BriefConsulting 1.2: Expertise
Every industry, every company believes they are unique, and presume specific knowledge of their particular operation essential for any consultant. Curiously, the most common difficulties are just that, common; universal. Stuck looks remarkably the same where ever it appears. Hire for industry expertise and you’ll get industry expertise when you might need someone with fresh eyes to look in on the situation.
Being an expert at not being an expert requires some rewiring inside the consultant first.
My greatest challenge in my consulting career involves remembering to avoid overlaying my considerable expertise onto every situation I see. When becoming a professional, I learned the dialect of my profession, which included many words for describing how things were supposed to be—according to the profession —and for explaining how they were not supposed to be—according, again, to the profession, but few words helpful in describing how things actually are. My professional vocabulary might be more useful for noticing what’s missing than for helping me see, let alone appreciate, what’s already there.It’s easy, for instance, for my professional self to notice that a project schedule’s not properly formed, but more difficult for me to understand, through my professional goggles, why improper structuring’s necessary, beneficent in this context. As an expert, I’m really a terrible scold. As an expert at not being an expert, I inquire better, observe more cleanly.

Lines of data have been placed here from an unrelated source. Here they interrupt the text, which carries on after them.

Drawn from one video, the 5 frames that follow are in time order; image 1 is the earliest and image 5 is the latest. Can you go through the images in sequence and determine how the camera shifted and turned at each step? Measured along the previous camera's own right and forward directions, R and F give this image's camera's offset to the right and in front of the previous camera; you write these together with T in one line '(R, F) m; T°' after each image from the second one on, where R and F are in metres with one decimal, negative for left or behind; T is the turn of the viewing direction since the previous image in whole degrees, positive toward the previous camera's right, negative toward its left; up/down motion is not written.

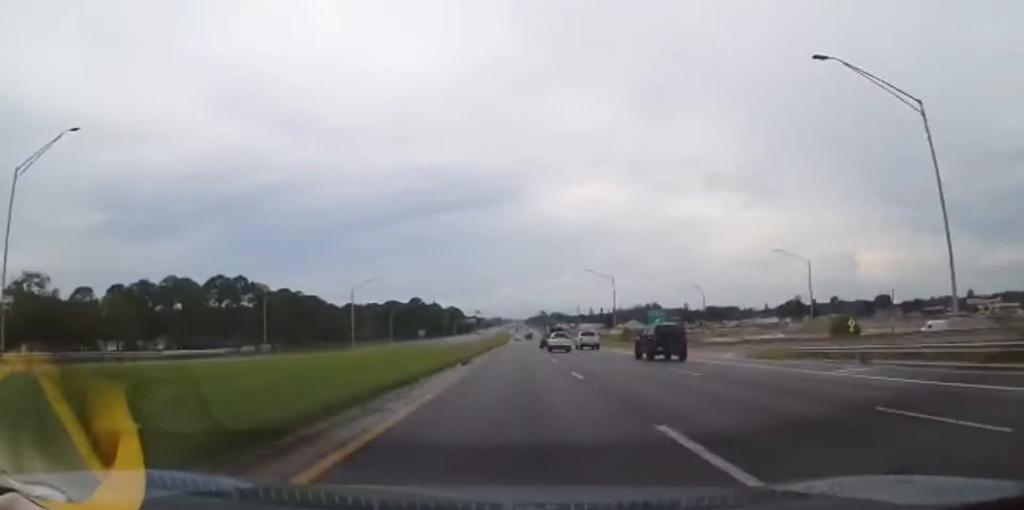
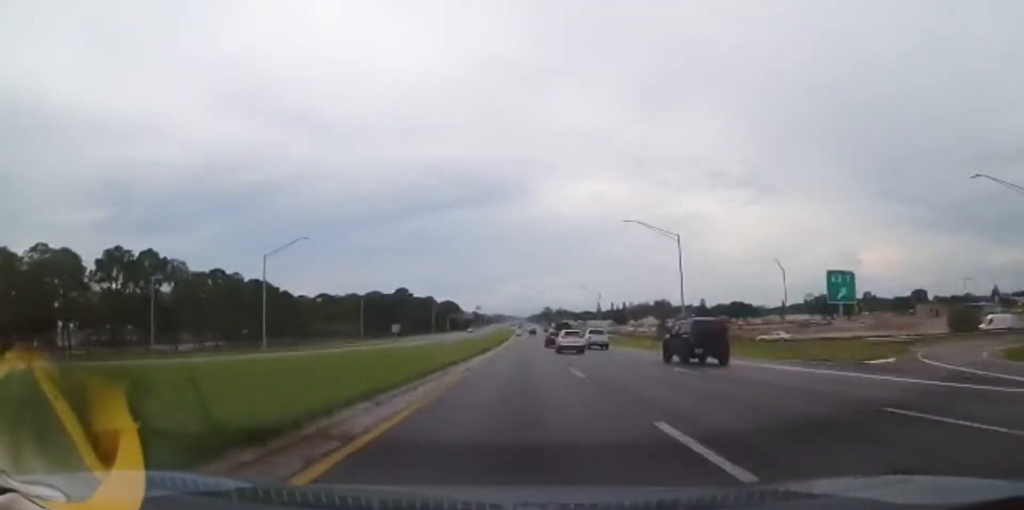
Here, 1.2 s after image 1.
(-0.1, +36.7) m; 0°
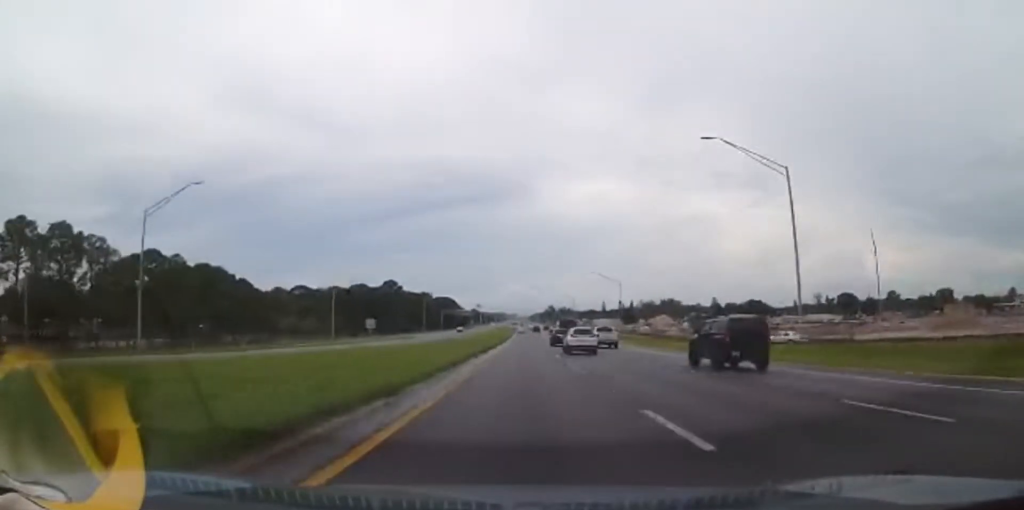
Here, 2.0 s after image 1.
(0.0, +23.3) m; 0°
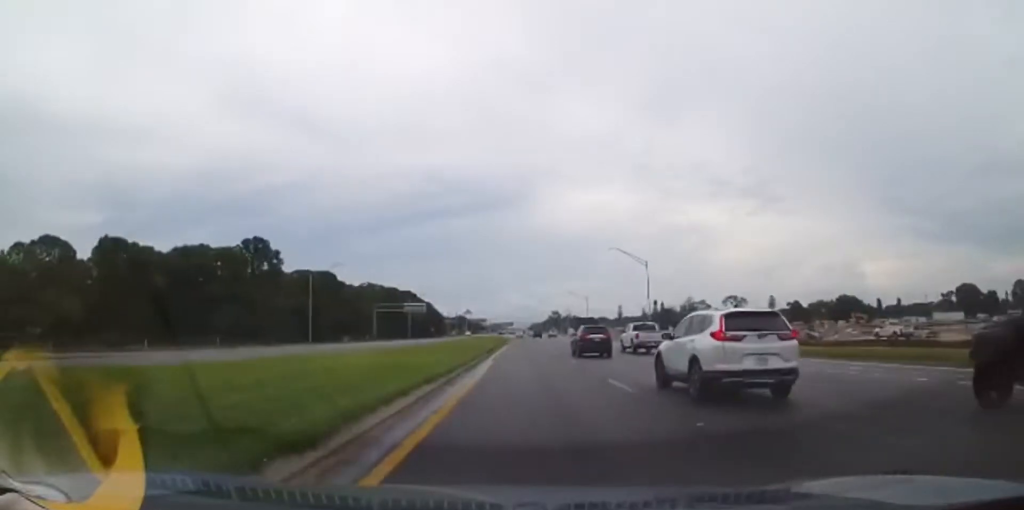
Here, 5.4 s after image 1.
(-0.1, +103.3) m; 0°
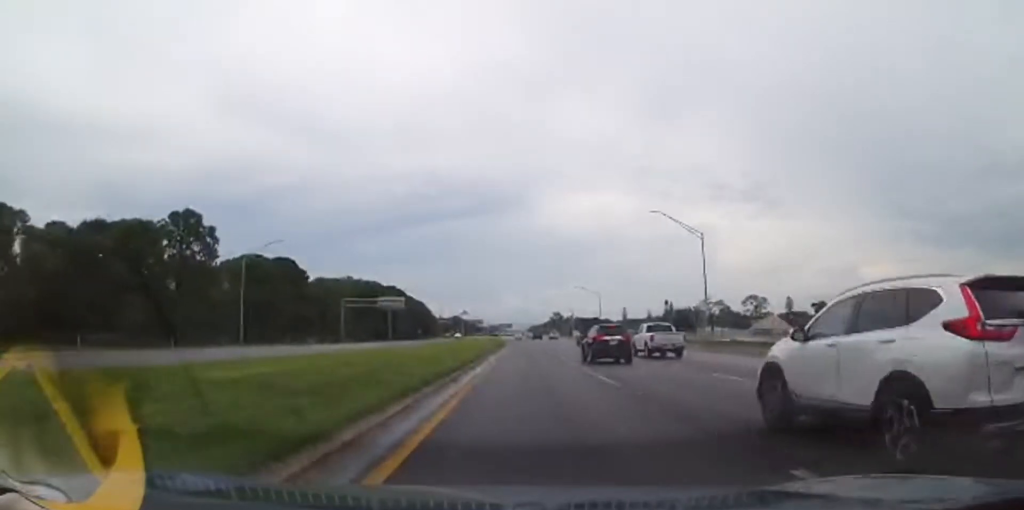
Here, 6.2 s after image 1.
(0.0, +22.8) m; 0°

I’m no objective observer. Neither are you. Objectivity might be the persistent delusion that one could observe without bothering with having an observer. Whomever does the observing, it’ll be them observing, unavoidably filtering whatever they sense through acre-feet of internal gravel, unavoidably unconscious of both the filtering and of the filtering’s effects. Hence, the value of an expert at not being an expert. The power of Brief Consulting might lie in the quite deliberate suspension of belief, of the notion that I, Consultant, must know how to fix your problem. Trade in that notion for the radical suggestion that You, Client, have the power to resolve your own problem, if only you weren’t stuck. Imagine the authority You, Client, might regain should you be able to resolve your own problem without resorting to some outsider’s superior insider expertise.

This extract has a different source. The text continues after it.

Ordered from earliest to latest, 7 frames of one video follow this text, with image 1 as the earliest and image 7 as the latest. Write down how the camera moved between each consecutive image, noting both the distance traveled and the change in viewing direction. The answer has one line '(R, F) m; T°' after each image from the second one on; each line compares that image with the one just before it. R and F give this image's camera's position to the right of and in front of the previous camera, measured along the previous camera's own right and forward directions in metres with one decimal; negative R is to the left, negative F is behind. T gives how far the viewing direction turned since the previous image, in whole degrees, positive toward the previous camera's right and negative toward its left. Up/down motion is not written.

Sergeant Shultz, the bumbling Nazi guard in the television-of-my-youth’s Hogan’s Heros, famously responded to every problem with the mantra, “I know nothing! Nothing!” Would that I could approach his mastery, for even as a Brief Consultant, I know far too much. I’m perfectly capable of overlaying some brilliant there-and-then on the most otherwise unassuming here-and-now. Sure, I’ll sound like a fricking genius, at least to myself, but provide little utility to my client. It shouldn’t matter how smart I am, but how smart my client discovers him/her self to be when I’m around.